• [Task objective] Pictures do not belong in the copy; retype the records below exactly.

[Items from a dataset]
━━━━

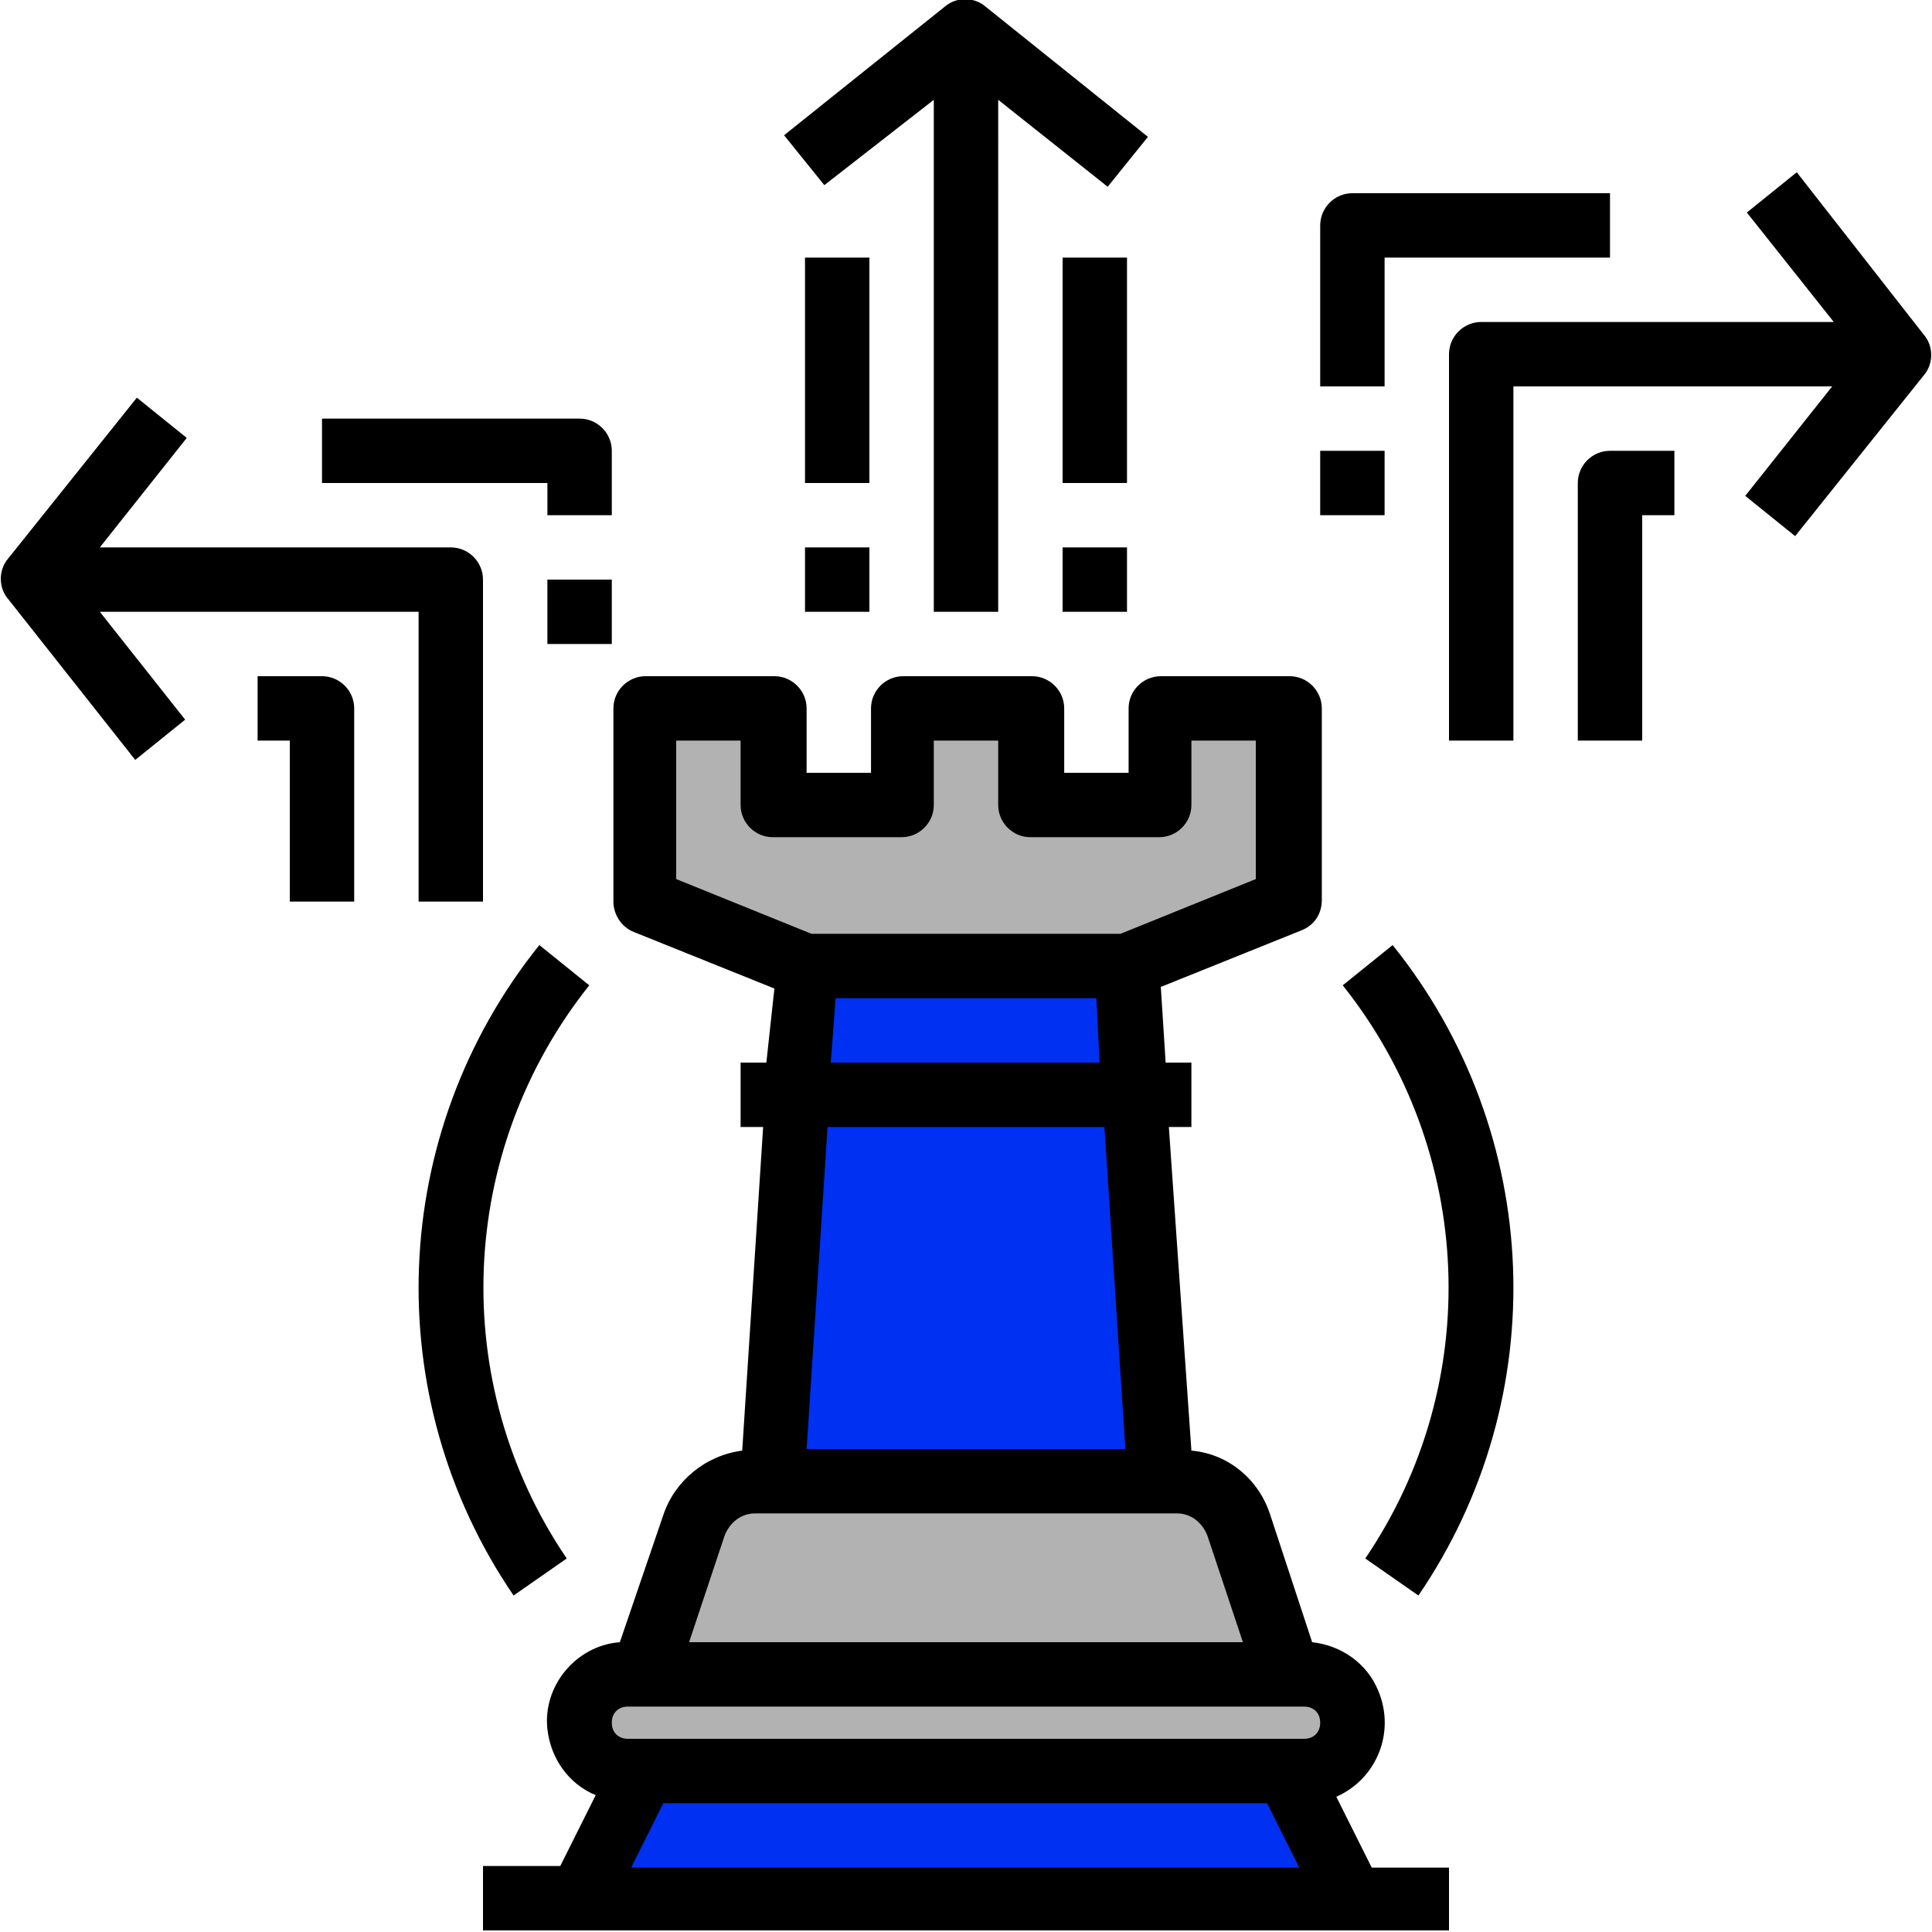 <?xml version="1.0" encoding="utf-8"?>
<!-- Generator: Adobe Illustrator 22.0.0, SVG Export Plug-In . SVG Version: 6.00 Build 0)  -->
<svg version="1.1" id="Layer_1" xmlns="http://www.w3.org/2000/svg" xmlns:xlink="http://www.w3.org/1999/xlink" x="0px" y="0px"
	 viewBox="0 0 120 120" style="enable-background:new 0 0 120 120;" xml:space="preserve">
<style type="text/css">
	.st0{fill:#B2B2B2;}
	.st1{fill:#0030F2;}
</style>
<path class="st0" d="M40,44v12l10,4h20l10-4V44h-8v6h-8v-6h-8v6h-8v-6H40z"/>
<path class="st1" d="M36,118h48l-4-8H40L36,118z"/>
<path class="st1" d="M70,60H50l-2,32h24L70,60z"/>
<path class="st0" d="M36,107c0,1.7,1.3,3,3,3h42c1.7,0,3-1.3,3-3c0-1.7-1.3-3-3-3H39C37.3,104,36,105.3,36,107L36,107z"/>
<path class="st0" d="M40,104l3.1-9.3c0.5-1.6,2.1-2.7,3.8-2.7h26.2c1.7,0,3.3,1.1,3.8,2.7L80,104"/>
<path d="M61.2,0.4c-0.7-0.6-1.8-0.6-2.5,0l-10,8l2.5,3.1L58,6.2V38h4V6.2l6.8,5.4l2.5-3.1L61.2,0.4z"/>
<path d="M90,116h-4.8l-2.2-4.4c2.5-1.1,3.7-4,2.6-6.6c-0.7-1.7-2.3-2.8-4.1-3l-2.6-7.9c-0.7-2.2-2.6-3.8-4.9-4L72.6,70H74v-4h-1.6
	l-0.3-4.7l8.7-3.5c0.8-0.3,1.3-1,1.3-1.9V44c0-1.1-0.9-2-2-2h-8c-1.1,0-2,0.9-2,2v4h-4v-4c0-1.1-0.9-2-2-2h-8c-1.1,0-2,0.9-2,2v4h-4
	v-4c0-1.1-0.9-2-2-2h-8c-1.1,0-2,0.9-2,2v12c0,0.8,0.5,1.6,1.3,1.9l8.7,3.5L47.6,66H46v4h1.4l-1.3,20.1c-2.3,0.3-4.2,1.9-4.9,4
	l-2.7,7.9c-2.7,0.2-4.8,2.7-4.5,5.4c0.2,1.8,1.3,3.4,3,4.1l-2.2,4.4H30v4h60L90,116z M42,46h4v4c0,1.1,0.9,2,2,2h8c1.1,0,2-0.9,2-2
	v-4h4v4c0,1.1,0.9,2,2,2h8c1.1,0,2-0.9,2-2v-4h4v8.6L69.6,58H50.4L42,54.6V46z M51.9,62h16.2l0.2,4H51.6L51.9,62z M68.6,70l1.3,20
	H50.1l1.3-20H68.6z M46.9,94h26.2c0.9,0,1.6,0.6,1.9,1.4l2.2,6.6H42.8l2.2-6.6C45.3,94.6,46,94,46.9,94L46.9,94z M39,106h42
	c0.6,0,1,0.4,1,1s-0.4,1-1,1H39c-0.6,0-1-0.4-1-1S38.4,106,39,106L39,106z M41.2,112h37.5l2,4H39.2L41.2,112z"/>
<path d="M66,16h4v14h-4V16z"/>
<path d="M66,34h4v4h-4V34z"/>
<path d="M50,16h4v14h-4V16z"/>
<path d="M50,34h4v4h-4V34z"/>
<path d="M8.4,47.2l3.1-2.5L6.2,38H26v18h4V36c0-1.1-0.9-2-2-2H6.2l5.4-6.8l-3.1-2.5l-8,10c-0.6,0.7-0.6,1.8,0,2.5L8.4,47.2z"/>
<path d="M38,28c0-1.1-0.9-2-2-2H20v4h14v2h4V28z"/>
<path d="M34,36h4v4h-4V36z"/>
<path d="M22,56V44c0-1.1-0.9-2-2-2h-4v4h2v10H22z"/>
<path d="M104,32v-4h-4c-1.1,0-2,0.9-2,2v16h4V32H104z"/>
<path d="M111.6,10.7l-3.1,2.5l5.4,6.8H92c-1.1,0-2,0.9-2,2v24h4V24h19.8l-5.4,6.8l3.1,2.5l8-10c0.6-0.7,0.6-1.8,0-2.5L111.6,10.7z"
	/>
<path d="M82,28h4v4h-4V28z"/>
<path d="M100,12H84c-1.1,0-2,0.9-2,2v10h4v-8h14V12z"/>
<path d="M31.9,99.1l3.3-2.3c-7.4-10.9-6.8-25.3,1.4-35.6l-3.1-2.5C24.1,70.4,23.5,86.8,31.9,99.1L31.9,99.1z"/>
<path d="M86.5,58.7l-3.1,2.5c8.2,10.3,8.8,24.7,1.4,35.6l3.3,2.3C96.5,86.8,95.9,70.4,86.5,58.7L86.5,58.7z"/>
</svg>

━━━━

• [Your response]
 <?xml version="1.0" encoding="utf-8"?>
<!-- Generator: Adobe Illustrator 22.0.0, SVG Export Plug-In . SVG Version: 6.00 Build 0)  -->
<svg version="1.1" id="Layer_1" xmlns="http://www.w3.org/2000/svg" xmlns:xlink="http://www.w3.org/1999/xlink" x="0px" y="0px"
	 viewBox="0 0 120 120" style="enable-background:new 0 0 120 120;" xml:space="preserve">
<style type="text/css">
	.st0{fill:#B2B2B2;}
	.st1{fill:#0030F2;}
</style>
<path class="st0" d="M40,44v12l10,4h20l10-4V44h-8v6h-8v-6h-8v6h-8v-6H40z"/>
<path class="st1" d="M36,118h48l-4-8H40L36,118z"/>
<path class="st1" d="M70,60H50l-2,32h24L70,60z"/>
<path class="st0" d="M36,107c0,1.7,1.3,3,3,3h42c1.7,0,3-1.3,3-3c0-1.7-1.3-3-3-3H39C37.3,104,36,105.3,36,107L36,107z"/>
<path class="st0" d="M40,104l3.1-9.3c0.5-1.6,2.1-2.7,3.8-2.7h26.2c1.7,0,3.3,1.1,3.8,2.7L80,104"/>
<path d="M61.2,0.4c-0.7-0.6-1.8-0.6-2.5,0l-10,8l2.5,3.1L58,6.2V38h4V6.2l6.8,5.4l2.5-3.1L61.2,0.4z"/>
<path d="M90,116h-4.8l-2.2-4.4c2.5-1.1,3.7-4,2.6-6.6c-0.7-1.7-2.3-2.8-4.1-3l-2.6-7.9c-0.7-2.2-2.6-3.8-4.9-4L72.6,70H74v-4h-1.6
	l-0.3-4.7l8.7-3.5c0.8-0.3,1.3-1,1.3-1.9V44c0-1.1-0.9-2-2-2h-8c-1.1,0-2,0.9-2,2v4h-4v-4c0-1.1-0.9-2-2-2h-8c-1.1,0-2,0.9-2,2v4h-4
	v-4c0-1.1-0.9-2-2-2h-8c-1.1,0-2,0.9-2,2v12c0,0.8,0.5,1.6,1.3,1.9l8.7,3.5L47.6,66H46v4h1.4l-1.3,20.1c-2.3,0.3-4.2,1.9-4.9,4
	l-2.7,7.9c-2.7,0.2-4.8,2.7-4.5,5.4c0.2,1.8,1.3,3.4,3,4.1l-2.2,4.4H30v4h60L90,116z M42,46h4v4c0,1.1,0.9,2,2,2h8c1.1,0,2-0.9,2-2
	v-4h4v4c0,1.1,0.9,2,2,2h8c1.1,0,2-0.9,2-2v-4h4v8.6L69.6,58H50.4L42,54.6V46z M51.9,62h16.2l0.2,4H51.6L51.9,62z M68.6,70l1.3,20
	H50.1l1.3-20H68.6z M46.9,94h26.2c0.9,0,1.6,0.6,1.9,1.4l2.2,6.6H42.8l2.2-6.6C45.3,94.6,46,94,46.9,94L46.9,94z M39,106h42
	c0.6,0,1,0.4,1,1s-0.4,1-1,1H39c-0.6,0-1-0.4-1-1S38.4,106,39,106L39,106z M41.2,112h37.5l2,4H39.2L41.2,112z"/>
<path d="M66,16h4v14h-4V16z"/>
<path d="M66,34h4v4h-4V34z"/>
<path d="M50,16h4v14h-4V16z"/>
<path d="M50,34h4v4h-4V34z"/>
<path d="M8.4,47.2l3.1-2.5L6.2,38H26v18h4V36c0-1.1-0.9-2-2-2H6.2l5.4-6.8l-3.1-2.5l-8,10c-0.6,0.7-0.6,1.8,0,2.5L8.4,47.2z"/>
<path d="M38,28c0-1.1-0.9-2-2-2H20v4h14v2h4V28z"/>
<path d="M34,36h4v4h-4V36z"/>
<path d="M22,56V44c0-1.1-0.9-2-2-2h-4v4h2v10H22z"/>
<path d="M104,32v-4h-4c-1.1,0-2,0.9-2,2v16h4V32H104z"/>
<path d="M111.6,10.7l-3.1,2.5l5.4,6.8H92c-1.1,0-2,0.9-2,2v24h4V24h19.8l-5.4,6.8l3.1,2.5l8-10c0.6-0.7,0.6-1.8,0-2.5L111.6,10.7z"
	/>
<path d="M82,28h4v4h-4V28z"/>
<path d="M100,12H84c-1.1,0-2,0.9-2,2v10h4v-8h14V12z"/>
<path d="M31.9,99.1l3.3-2.3c-7.4-10.9-6.8-25.3,1.4-35.6l-3.1-2.5C24.1,70.4,23.5,86.8,31.9,99.1L31.9,99.1z"/>
<path d="M86.5,58.7l-3.1,2.5c8.2,10.3,8.8,24.7,1.4,35.6l3.3,2.3C96.5,86.8,95.9,70.4,86.5,58.7L86.5,58.7z"/>
</svg>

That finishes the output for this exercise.